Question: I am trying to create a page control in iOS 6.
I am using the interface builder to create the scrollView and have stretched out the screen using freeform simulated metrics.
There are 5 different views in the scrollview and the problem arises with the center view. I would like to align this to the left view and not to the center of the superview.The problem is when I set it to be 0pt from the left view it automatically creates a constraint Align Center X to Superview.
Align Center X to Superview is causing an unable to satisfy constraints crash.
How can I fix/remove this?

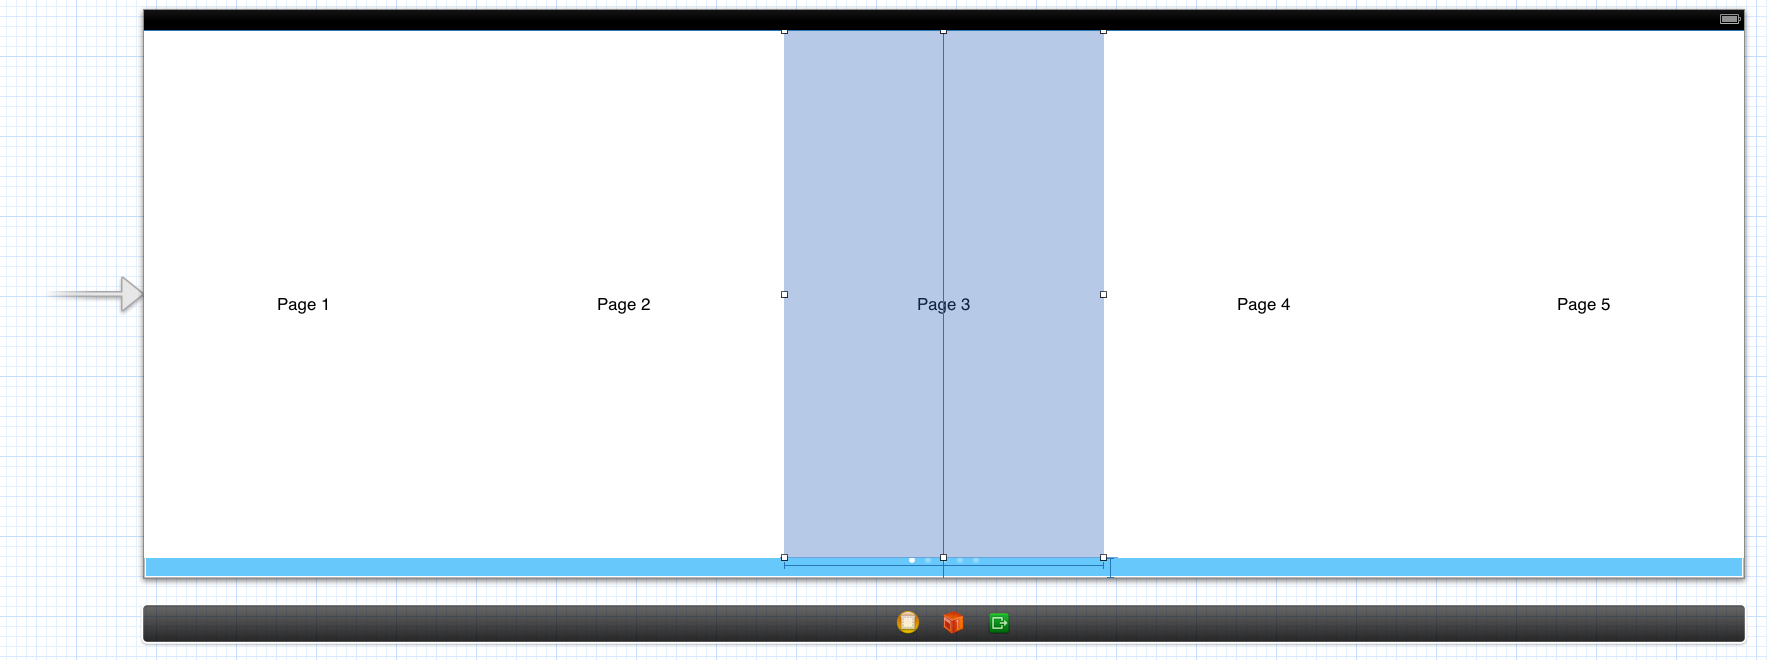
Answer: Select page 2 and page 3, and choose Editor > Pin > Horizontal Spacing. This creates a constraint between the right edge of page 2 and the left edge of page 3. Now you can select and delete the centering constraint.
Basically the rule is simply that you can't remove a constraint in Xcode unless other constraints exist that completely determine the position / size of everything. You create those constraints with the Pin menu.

________________________

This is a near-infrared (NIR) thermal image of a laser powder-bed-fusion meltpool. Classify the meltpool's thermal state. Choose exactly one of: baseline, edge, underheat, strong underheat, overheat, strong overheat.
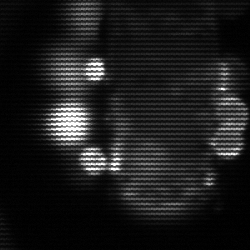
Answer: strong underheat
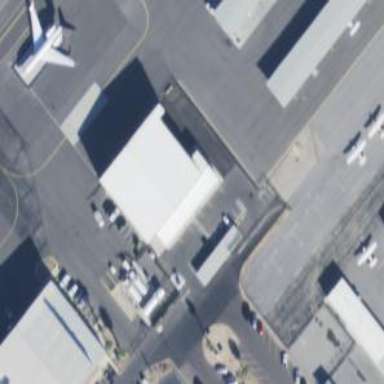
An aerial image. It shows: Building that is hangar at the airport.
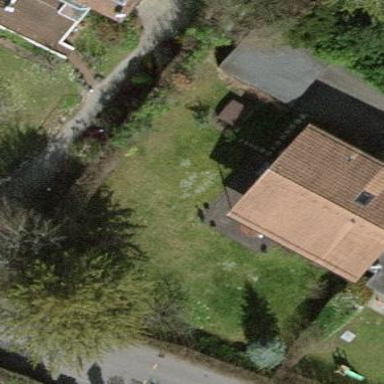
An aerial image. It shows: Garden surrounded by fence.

________________________

DIRECTIONS FOR THIS TASK – What lines in the material above hold the word "underheat"? Pull them out.

THE COMPLETED TASK –
This is a near-infrared (NIR) thermal image of a laser powder-bed-fusion meltpool. Classify the meltpool's thermal state. Choose exactly one of: baseline, edge, underheat, strong underheat, overheat, strong overheat.
Answer: strong underheat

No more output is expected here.